▸ **What you are asked to do**: Using the entries below, show all lines with the string "weeks".

▸ **Data listing**:
────────

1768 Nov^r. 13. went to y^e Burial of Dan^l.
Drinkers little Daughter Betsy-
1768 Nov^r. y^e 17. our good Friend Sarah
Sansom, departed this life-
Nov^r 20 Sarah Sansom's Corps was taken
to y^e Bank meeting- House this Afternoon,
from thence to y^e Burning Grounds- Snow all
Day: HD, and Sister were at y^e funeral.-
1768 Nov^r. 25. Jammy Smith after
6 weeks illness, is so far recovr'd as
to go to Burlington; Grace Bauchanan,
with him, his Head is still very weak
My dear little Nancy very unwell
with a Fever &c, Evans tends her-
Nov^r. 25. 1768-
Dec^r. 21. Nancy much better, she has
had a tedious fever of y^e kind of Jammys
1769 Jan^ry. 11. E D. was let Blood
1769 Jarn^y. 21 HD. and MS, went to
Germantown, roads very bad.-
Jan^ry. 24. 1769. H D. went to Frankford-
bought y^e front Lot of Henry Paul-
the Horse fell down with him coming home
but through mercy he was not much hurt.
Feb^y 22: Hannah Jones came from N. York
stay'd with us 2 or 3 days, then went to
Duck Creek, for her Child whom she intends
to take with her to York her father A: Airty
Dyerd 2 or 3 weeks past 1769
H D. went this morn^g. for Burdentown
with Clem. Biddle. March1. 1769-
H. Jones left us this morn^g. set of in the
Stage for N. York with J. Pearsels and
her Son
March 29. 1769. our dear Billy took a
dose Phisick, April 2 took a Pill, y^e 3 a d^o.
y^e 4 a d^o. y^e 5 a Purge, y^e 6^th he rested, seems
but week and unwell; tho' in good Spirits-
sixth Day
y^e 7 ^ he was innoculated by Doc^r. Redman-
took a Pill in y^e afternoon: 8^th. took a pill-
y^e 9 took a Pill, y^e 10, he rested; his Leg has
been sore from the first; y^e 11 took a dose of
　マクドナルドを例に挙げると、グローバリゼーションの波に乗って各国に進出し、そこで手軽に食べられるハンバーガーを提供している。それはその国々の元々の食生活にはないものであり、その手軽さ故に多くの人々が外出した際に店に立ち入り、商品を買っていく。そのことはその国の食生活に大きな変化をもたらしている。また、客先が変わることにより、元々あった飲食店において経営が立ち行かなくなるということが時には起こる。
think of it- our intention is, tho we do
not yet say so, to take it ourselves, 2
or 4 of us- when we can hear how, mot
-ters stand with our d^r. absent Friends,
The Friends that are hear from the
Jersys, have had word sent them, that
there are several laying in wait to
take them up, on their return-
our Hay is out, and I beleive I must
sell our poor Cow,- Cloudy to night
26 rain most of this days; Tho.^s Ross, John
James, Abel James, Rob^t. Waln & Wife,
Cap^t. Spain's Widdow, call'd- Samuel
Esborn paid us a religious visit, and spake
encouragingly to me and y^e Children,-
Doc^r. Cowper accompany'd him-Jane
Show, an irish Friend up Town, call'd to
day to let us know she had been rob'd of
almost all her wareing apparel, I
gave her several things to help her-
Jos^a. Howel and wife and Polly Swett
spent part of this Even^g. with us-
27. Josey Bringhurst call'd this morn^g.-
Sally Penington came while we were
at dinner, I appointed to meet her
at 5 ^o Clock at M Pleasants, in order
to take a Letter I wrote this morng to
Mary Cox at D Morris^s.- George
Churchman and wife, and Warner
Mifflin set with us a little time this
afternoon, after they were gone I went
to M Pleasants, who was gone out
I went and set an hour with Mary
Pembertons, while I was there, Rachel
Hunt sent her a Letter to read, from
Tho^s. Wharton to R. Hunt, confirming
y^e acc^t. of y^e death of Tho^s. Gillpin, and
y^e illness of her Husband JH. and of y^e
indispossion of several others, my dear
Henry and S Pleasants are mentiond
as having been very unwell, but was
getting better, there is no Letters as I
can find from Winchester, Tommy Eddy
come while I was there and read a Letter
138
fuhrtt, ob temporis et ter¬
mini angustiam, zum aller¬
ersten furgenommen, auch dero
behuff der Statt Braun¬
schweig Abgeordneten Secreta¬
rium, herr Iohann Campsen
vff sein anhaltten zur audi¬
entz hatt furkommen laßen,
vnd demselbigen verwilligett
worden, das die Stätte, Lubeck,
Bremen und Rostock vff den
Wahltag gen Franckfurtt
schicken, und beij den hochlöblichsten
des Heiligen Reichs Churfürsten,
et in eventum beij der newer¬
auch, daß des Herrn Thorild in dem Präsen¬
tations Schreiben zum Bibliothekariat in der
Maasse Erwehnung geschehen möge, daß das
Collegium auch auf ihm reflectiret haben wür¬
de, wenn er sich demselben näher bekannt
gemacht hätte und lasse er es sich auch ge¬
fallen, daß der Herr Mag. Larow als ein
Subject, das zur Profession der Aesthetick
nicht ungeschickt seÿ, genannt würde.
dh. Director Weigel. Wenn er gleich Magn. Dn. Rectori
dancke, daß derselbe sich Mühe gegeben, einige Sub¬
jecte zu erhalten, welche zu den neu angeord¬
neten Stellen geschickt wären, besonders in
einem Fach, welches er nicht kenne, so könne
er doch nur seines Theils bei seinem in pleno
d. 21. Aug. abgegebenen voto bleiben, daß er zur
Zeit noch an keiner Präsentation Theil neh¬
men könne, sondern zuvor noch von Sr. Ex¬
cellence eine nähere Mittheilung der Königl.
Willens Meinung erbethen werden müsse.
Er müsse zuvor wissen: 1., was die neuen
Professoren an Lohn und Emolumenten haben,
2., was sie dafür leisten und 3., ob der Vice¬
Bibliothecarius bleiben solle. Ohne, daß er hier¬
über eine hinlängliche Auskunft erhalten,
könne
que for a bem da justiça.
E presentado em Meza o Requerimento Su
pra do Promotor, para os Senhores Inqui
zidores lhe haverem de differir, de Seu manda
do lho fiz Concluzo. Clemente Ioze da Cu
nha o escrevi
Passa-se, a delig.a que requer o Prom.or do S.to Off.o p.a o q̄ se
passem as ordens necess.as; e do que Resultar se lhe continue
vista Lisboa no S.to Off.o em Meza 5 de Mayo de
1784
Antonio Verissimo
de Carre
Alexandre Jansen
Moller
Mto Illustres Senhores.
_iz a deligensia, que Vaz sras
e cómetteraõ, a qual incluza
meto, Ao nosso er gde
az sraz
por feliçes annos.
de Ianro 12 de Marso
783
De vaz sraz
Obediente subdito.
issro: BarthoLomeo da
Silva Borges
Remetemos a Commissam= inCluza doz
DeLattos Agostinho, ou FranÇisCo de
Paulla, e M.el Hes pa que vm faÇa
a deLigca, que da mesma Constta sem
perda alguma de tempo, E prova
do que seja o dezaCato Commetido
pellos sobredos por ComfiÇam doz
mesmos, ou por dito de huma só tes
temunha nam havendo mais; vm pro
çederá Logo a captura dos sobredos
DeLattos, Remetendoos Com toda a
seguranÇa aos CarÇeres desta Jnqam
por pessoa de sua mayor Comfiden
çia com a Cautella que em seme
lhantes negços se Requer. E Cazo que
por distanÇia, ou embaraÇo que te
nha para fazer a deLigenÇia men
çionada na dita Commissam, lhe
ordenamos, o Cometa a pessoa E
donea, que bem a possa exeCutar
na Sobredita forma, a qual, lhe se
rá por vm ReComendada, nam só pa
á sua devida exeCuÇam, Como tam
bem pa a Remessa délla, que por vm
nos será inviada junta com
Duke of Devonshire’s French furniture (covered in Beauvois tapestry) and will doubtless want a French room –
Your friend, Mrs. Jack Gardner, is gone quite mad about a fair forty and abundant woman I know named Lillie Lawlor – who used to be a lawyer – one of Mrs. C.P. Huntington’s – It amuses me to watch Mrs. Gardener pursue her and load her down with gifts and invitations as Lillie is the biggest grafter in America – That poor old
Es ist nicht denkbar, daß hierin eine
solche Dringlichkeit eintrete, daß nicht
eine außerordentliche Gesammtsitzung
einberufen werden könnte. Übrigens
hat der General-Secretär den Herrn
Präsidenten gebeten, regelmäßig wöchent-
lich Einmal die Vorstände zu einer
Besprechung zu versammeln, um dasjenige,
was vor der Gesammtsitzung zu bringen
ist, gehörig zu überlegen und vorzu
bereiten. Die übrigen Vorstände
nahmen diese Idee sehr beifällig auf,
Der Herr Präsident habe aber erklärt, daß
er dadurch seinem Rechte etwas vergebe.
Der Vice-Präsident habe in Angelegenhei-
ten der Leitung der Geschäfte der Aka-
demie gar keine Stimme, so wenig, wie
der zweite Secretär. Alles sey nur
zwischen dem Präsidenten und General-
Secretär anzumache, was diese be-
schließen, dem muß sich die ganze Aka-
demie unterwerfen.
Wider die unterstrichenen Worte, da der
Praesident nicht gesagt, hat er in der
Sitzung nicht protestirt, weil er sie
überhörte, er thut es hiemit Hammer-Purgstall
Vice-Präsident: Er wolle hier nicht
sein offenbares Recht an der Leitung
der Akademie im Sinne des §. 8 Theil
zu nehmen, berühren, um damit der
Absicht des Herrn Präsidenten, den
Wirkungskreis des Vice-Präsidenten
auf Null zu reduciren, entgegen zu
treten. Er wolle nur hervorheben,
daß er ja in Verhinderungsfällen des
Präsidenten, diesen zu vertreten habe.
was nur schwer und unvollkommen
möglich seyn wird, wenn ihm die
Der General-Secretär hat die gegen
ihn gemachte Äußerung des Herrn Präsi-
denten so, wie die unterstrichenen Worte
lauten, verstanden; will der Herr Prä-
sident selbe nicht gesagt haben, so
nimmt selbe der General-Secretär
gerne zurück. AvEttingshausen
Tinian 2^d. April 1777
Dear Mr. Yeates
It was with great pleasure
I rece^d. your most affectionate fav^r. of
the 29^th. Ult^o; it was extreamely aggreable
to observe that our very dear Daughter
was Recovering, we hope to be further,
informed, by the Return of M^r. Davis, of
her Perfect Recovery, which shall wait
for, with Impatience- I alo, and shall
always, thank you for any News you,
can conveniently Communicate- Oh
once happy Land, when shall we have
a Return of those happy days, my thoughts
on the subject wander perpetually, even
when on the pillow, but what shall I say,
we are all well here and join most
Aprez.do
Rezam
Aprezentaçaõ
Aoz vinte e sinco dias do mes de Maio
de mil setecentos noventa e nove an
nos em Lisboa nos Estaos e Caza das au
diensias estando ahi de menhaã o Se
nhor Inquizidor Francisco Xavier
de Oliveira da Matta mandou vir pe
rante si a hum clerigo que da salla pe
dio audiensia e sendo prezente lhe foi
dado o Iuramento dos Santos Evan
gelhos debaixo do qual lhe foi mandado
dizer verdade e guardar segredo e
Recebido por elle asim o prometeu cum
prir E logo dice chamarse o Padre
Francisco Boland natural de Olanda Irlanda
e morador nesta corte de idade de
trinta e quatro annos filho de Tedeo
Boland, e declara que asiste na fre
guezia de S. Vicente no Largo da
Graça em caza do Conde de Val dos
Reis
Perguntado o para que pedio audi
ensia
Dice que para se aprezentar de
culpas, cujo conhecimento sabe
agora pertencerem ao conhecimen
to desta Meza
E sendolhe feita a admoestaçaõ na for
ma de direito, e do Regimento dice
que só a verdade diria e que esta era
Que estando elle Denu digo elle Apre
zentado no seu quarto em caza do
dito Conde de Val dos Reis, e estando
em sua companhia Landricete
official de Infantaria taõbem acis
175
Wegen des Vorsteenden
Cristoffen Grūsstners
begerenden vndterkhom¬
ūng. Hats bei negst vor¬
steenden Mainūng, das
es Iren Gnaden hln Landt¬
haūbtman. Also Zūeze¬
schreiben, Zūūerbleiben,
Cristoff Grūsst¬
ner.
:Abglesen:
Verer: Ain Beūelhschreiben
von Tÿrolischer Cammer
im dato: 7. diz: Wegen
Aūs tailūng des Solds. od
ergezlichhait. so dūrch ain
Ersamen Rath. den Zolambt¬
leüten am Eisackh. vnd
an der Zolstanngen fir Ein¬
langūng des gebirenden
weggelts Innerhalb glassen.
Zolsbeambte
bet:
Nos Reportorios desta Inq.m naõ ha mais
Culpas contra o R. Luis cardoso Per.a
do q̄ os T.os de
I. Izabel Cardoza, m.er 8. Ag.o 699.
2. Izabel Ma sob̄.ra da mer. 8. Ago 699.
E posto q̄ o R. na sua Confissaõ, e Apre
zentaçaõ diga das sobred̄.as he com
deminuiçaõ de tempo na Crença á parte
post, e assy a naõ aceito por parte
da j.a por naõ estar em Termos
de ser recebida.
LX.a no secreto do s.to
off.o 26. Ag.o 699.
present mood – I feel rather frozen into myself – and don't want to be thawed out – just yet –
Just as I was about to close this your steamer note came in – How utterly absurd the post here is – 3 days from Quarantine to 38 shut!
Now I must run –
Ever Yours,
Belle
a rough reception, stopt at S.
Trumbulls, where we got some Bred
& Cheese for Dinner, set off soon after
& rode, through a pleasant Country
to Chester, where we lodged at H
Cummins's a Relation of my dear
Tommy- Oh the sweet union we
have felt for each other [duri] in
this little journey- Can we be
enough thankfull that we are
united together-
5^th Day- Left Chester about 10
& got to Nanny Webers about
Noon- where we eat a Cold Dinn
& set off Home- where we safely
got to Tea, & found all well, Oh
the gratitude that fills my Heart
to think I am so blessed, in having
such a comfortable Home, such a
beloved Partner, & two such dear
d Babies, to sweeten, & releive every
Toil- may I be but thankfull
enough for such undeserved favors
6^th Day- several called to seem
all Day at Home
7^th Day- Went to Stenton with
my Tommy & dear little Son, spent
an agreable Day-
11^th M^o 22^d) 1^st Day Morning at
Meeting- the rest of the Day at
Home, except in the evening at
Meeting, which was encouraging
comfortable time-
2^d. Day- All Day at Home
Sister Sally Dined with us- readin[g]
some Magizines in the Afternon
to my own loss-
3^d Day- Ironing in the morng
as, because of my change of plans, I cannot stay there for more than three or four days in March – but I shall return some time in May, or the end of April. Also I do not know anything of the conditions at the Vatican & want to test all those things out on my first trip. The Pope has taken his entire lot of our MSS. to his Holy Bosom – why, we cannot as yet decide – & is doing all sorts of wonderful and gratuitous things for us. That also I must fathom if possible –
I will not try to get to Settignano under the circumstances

────────

▸ **Result of the task**:
6 weeks illness, is so far recovr'd as
Dyerd 2 or 3 weeks past 1769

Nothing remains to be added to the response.